Die Stadtverwaltung verlassen hat letztlich auch er Anfang 2017. Auf eigenen Wunsch wechselte er zunächst zur Privatbrauerei Waldhaus, ehe er 2021 Beigeordneter von Weil am Rhein wurde. Dass dieser Abschied damals abrupt und aufgrund anhaltender Konflikte mit OB Frank erfolgte, ist ein offenes Geheimnis.

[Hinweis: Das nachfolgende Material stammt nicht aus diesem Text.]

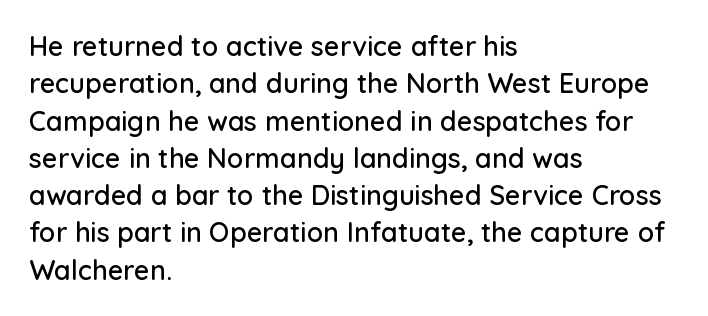
Normally led — the rows are evenly, conventionally spaced. Letter spacing: default. This is the regular roman posture of the typeface. Clear beneath every line of the passage. This rendering uses left alignment, leaving the right contour irregular.
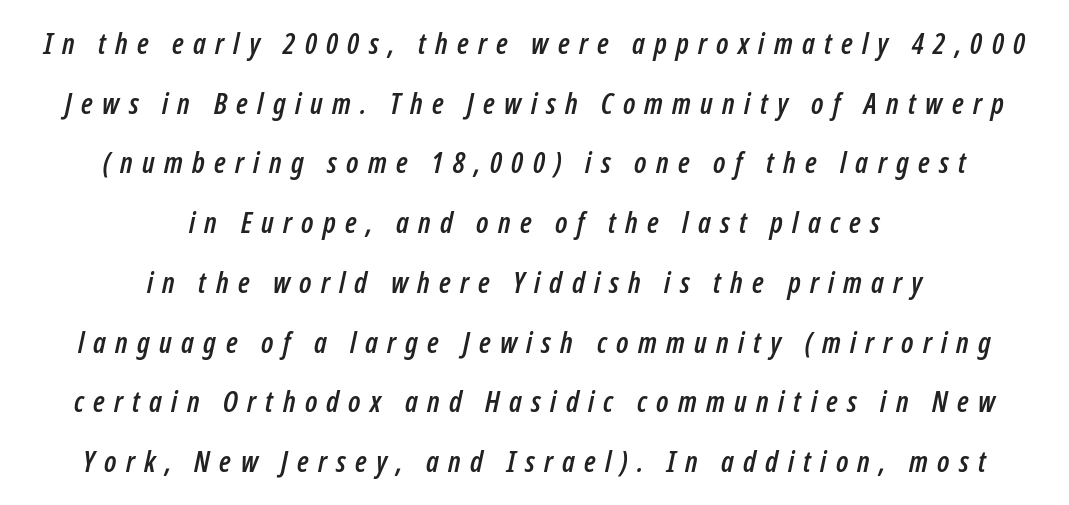
Q: Is the text italic (slanted)? A: Yes, it leans right by about 12 degrees.
Q: Is the text underlined? A: No.
Q: How is the paragraph aligned? A: Centered.
Q: Is the spacing between letters normal or unusually wide? A: Unusually wide.
Q: Is the spacing between lines tight, normal or loose? A: Loose.
Q: Width (condensed, normal, or wide)? A: Condensed.
Q: Stroke contrast? A: Low.
Q: x-height? A: Medium.
Q: Monospaced? A: No.
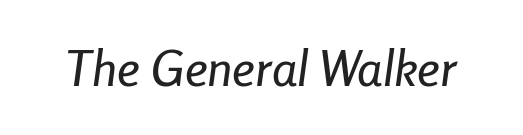
Q: Is the text italic (slanted)? A: Yes, it leans right by about 8 degrees.
Q: Is the text underlined? A: No.
Q: Is the spacing between letters normal or unusually wide? A: Normal.
Q: Width (condensed, normal, or wide)? A: Condensed.
Q: Stroke contrast? A: Low.
Q: x-height? A: Medium.
Q: Monospaced? A: No.
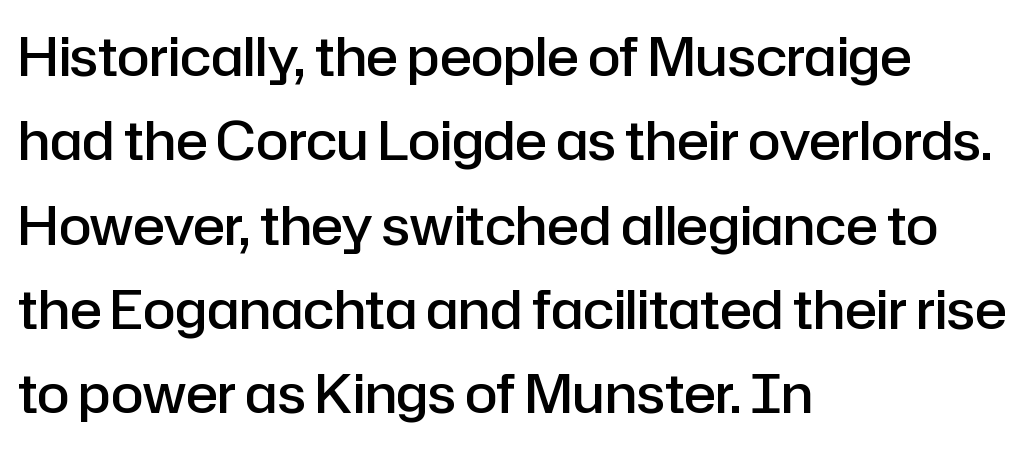
{"serif": "no", "italic": "no", "bold": "semi", "weight": "semibold", "width": "normal", "stroke_contrast": "low", "x_height": "medium", "monospaced": "no", "underline": "no", "align": "left", "line_spacing": "normal", "line_spacing_ratio": 1.59, "letter_spacing": "normal", "letter_spacing_em": 0.0, "glyph_px": 53}
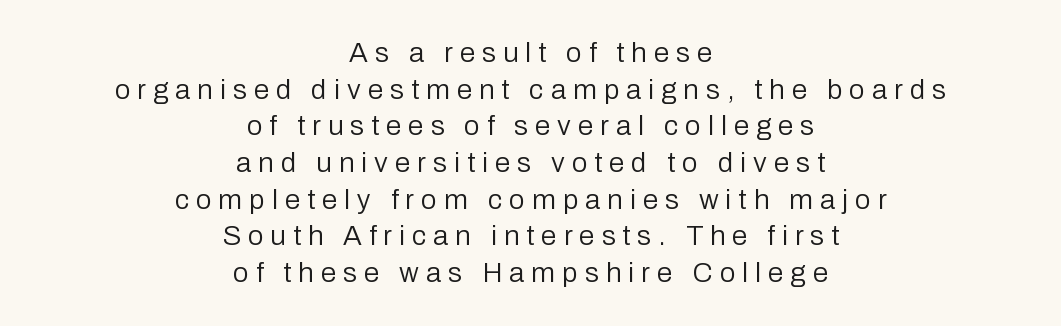
The image shows 28 px regular-weight sans-serif type, upright; set centered, normal line spacing (1.31x), unusually wide letter spacing (+0.25 em), not underlined; low stroke contrast and a medium x-height.
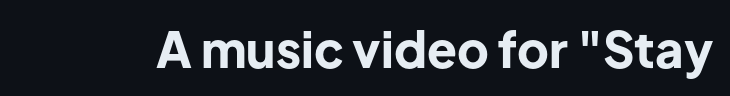
Caption: bold face, heavy strokes. The space beneath each line is pristine and unruled. The letters advance in unequal steps, a hallmark of proportional type. You can tell from the bare stems that sans-serif type was used. If you drew a line through each stem, it would be perfectly vertical.
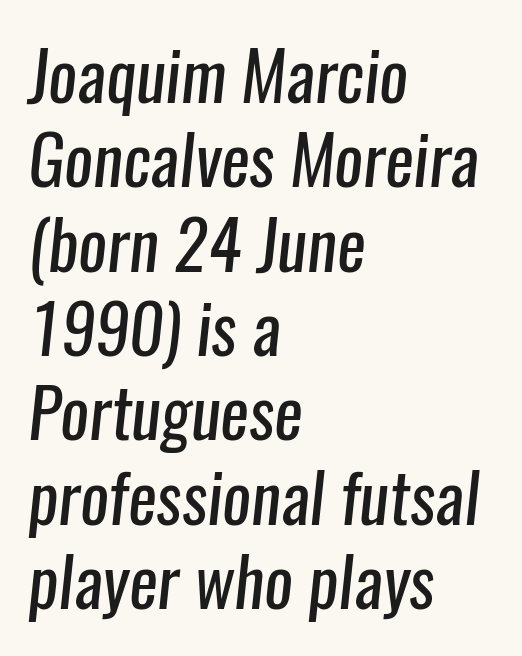
The image shows 68 px regular-weight, condensed sans-serif type; set left-aligned, line spacing 1.24x, normal letter spacing, not underlined; low stroke contrast and a medium x-height.

Dennoch habe sein Wunsch, Oberbürgermeister von Waldshut-Tiengen zu werden, nichts mit Wiedergutmachung zu tun, betont Gruner auf Nachfrage unserer Zeitung: „Für ein solches Amt bedarf es schon mehr Motivation. Die liegt für mich bei der Stadt und ihren Bürgern und richtet sich nicht gegen den OB.“

Seinen Wahlkampf werde er in den kommenden Wochen beginnen – dosiert, systematisch und nachdem er sich in weiteren Gesprächen ein möglichst umfassendes Gesamtbild verschafft habe: „Daraus leite ich die Hauptpunkte meines Wahlprogramms ab.“ Dass er dabei auf große Unterstützung aus verschiedensten Bereichen der Bürgerschaft und aus dem Gemeinderat bauen könne, motiviere ihn dabei zusätzlich, wie er betont.